**Exercise aim:** With pictures excluded, copy word for word the lines in the data below from the line containing "Label: Resident" through the line containing "Findings: Effusion, Infiltration, Mass, Nodule".

--

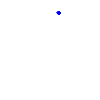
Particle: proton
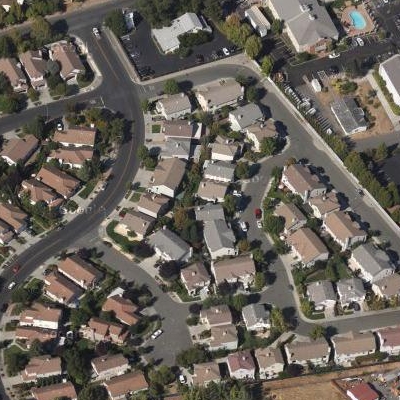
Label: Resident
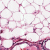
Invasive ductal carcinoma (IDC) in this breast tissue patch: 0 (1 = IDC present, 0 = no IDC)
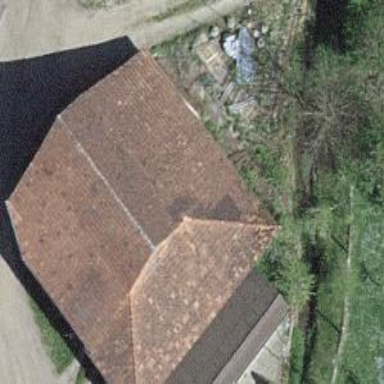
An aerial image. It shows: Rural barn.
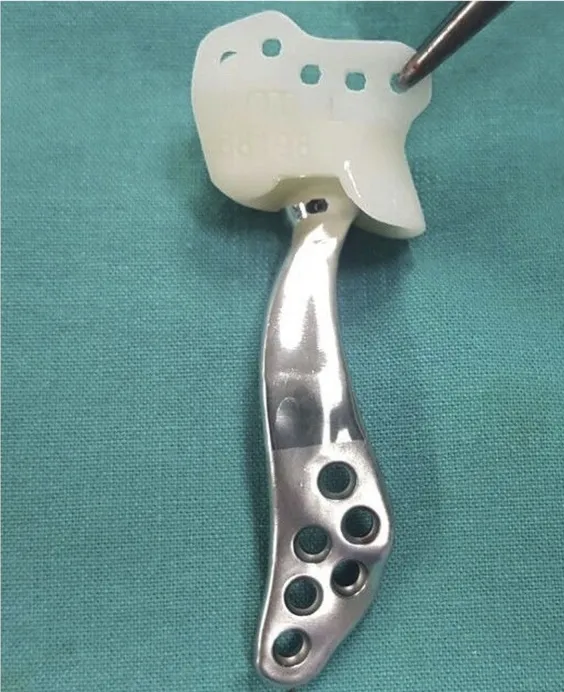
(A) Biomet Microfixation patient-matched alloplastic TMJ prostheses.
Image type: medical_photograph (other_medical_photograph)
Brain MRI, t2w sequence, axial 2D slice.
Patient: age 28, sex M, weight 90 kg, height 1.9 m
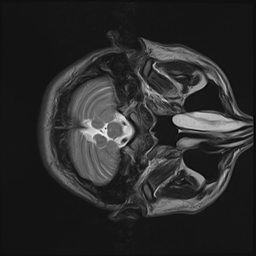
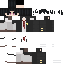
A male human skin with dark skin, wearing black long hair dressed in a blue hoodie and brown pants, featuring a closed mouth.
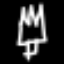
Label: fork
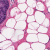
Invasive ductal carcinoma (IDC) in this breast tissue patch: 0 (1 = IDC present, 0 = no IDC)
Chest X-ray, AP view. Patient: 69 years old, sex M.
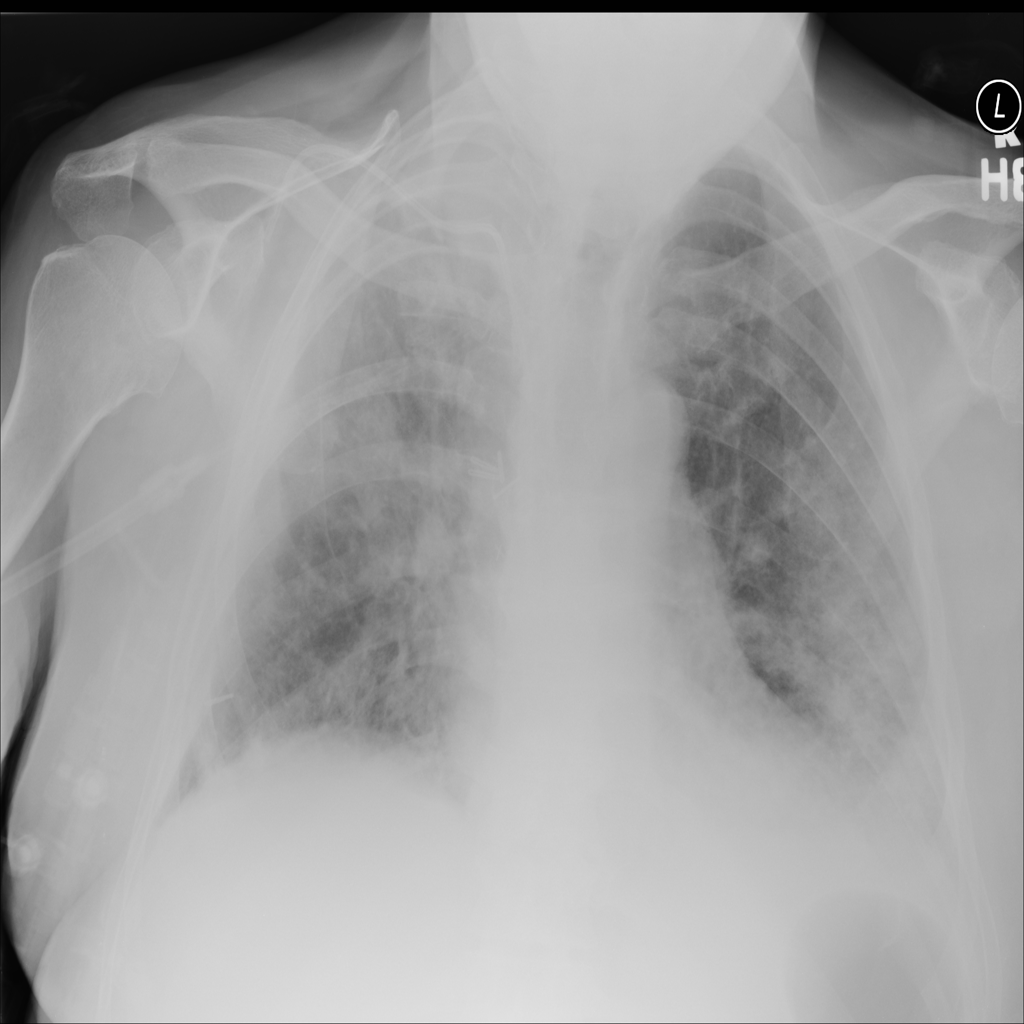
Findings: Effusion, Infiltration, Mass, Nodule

--

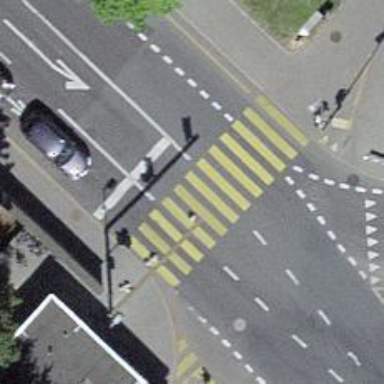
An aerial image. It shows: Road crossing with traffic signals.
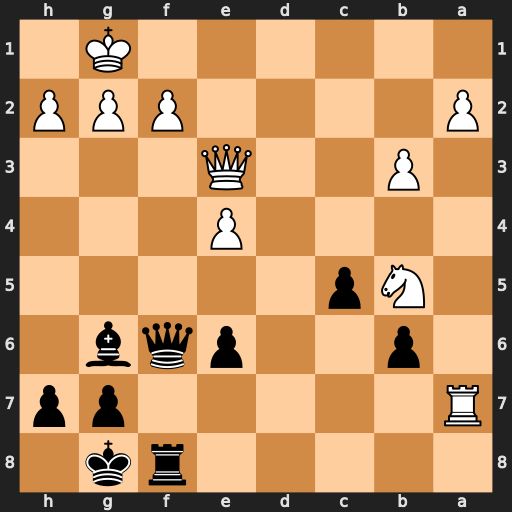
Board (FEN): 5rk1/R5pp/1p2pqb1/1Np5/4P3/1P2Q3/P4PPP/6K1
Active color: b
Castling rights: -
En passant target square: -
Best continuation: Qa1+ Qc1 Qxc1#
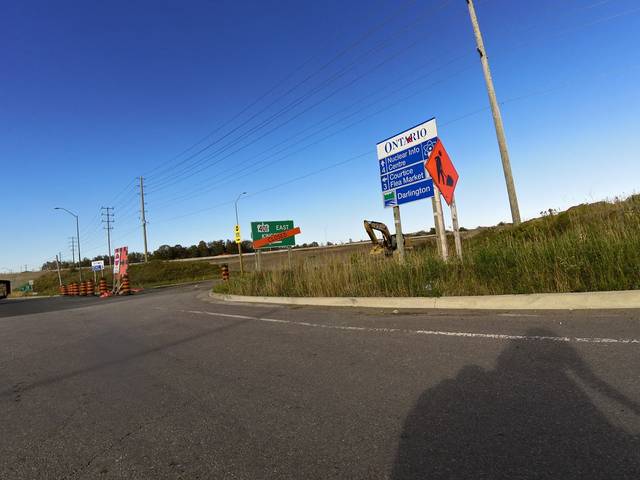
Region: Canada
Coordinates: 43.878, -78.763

--

**Worked solution:**
Label: Resident
Invasive ductal carcinoma (IDC) in this breast tissue patch: 0 (1 = IDC present, 0 = no IDC)
An aerial image. It shows: Rural barn.
(A) Biomet Microfixation patient-matched alloplastic TMJ prostheses.
Image type: medical_photograph (other_medical_photograph)
Brain MRI, t2w sequence, axial 2D slice.
Patient: age 28, sex M, weight 90 kg, height 1.9 m
A male human skin with dark skin, wearing black long hair dressed in a blue hoodie and brown pants, featuring a closed mouth.
Label: fork
Invasive ductal carcinoma (IDC) in this breast tissue patch: 0 (1 = IDC present, 0 = no IDC)
Chest X-ray, AP view. Patient: 69 years old, sex M.
Findings: Effusion, Infiltration, Mass, Nodule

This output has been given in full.